The SpaceX IPO: Why Elon Musk’s $75 Billion Debut Could Be the Market’s Biggest Test Yet
Amid the chaos, one event looms: SpaceX’s IPO, set for Friday. The rockets-to-AI behemoth, led by Elon Musk, aims to raise $75 billion—the largest IPO in history. The timing couldn’t be worse. Investors are already skittish after the Nasdaq’s rout, and the tech sector’s overvaluation is a ticking time bomb. “Many investors seem restrained and skeptical,” Cox said. “But can that temperament exist when the biggest IPO of all time is on deck?”
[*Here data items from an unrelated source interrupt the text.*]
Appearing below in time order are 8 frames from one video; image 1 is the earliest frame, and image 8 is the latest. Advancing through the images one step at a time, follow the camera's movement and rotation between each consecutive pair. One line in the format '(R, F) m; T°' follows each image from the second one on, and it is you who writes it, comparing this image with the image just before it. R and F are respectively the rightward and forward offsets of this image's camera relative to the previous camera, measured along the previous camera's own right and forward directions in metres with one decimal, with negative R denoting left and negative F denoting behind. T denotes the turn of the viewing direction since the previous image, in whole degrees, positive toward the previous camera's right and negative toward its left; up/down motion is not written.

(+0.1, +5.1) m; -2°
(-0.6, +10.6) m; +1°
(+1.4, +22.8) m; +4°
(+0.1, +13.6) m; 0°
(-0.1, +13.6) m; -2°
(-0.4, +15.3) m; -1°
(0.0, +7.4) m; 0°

The SpaceX offering isn’t just about rockets—it’s about AI infrastructure in space and Musk’s long-term bets on Mars. But with oil prices spiking and tech stocks bleeding, the IPO could expose just how stretched valuations have become. “That’s not what you’d expect in a high-rate, high-inflation environment,” Cox warned. “These strategies may be vulnerable to disappointment if cost pressures stay elevated.”
This follows our earlier report, Oil Heads for Biggest Monthly Drop Since 2020.
What Happens Next: Three Scenarios for Oil, Markets, and the Ceasefire
The next 72 hours will determine whether this is a temporary spike or the start of a new crisis.

- Ceasefire Holds: If Iran and Israel de-escalate, oil could retreat from its peaks, but the damage to tech stocks may persist as investors digest the Fed’s hawkish stance.
- Escalation Continues: A full-blown conflict could send crude above $100, triggering a global energy shock and a sell-off in risk assets like bitcoin (now hovering near $63,000 after Friday’s plunge below $60,000).
- SpaceX IPO Tests Sentiment: If the IPO proceeds smoothly, it could signal confidence in Musk’s vision. If it stumbles, it may accelerate the unwinding of tech’s bull market.
The bigger question is whether this is a one-off shock or the beginning of a broader market reckoning. The Fed’s next move, Iran’s long-term strategy, and SpaceX’s ability to justify its valuation will all play a role. One thing is clear: the market’s complacency is over.
The Bottom Line: Why This Week Could Redefine 2026’s Market Narrative
Monday’s moves weren’t just about oil or tech—they were about the fragility of the market’s post-March rally. The ceasefire’s collapse, the Nasdaq’s plunge, and the SpaceX IPO’s looming debut all point to a single truth: investors are no longer betting on endless growth. The question now is whether this is a correction or the start of something worse.
For now, the market is holding—but the cracks are showing.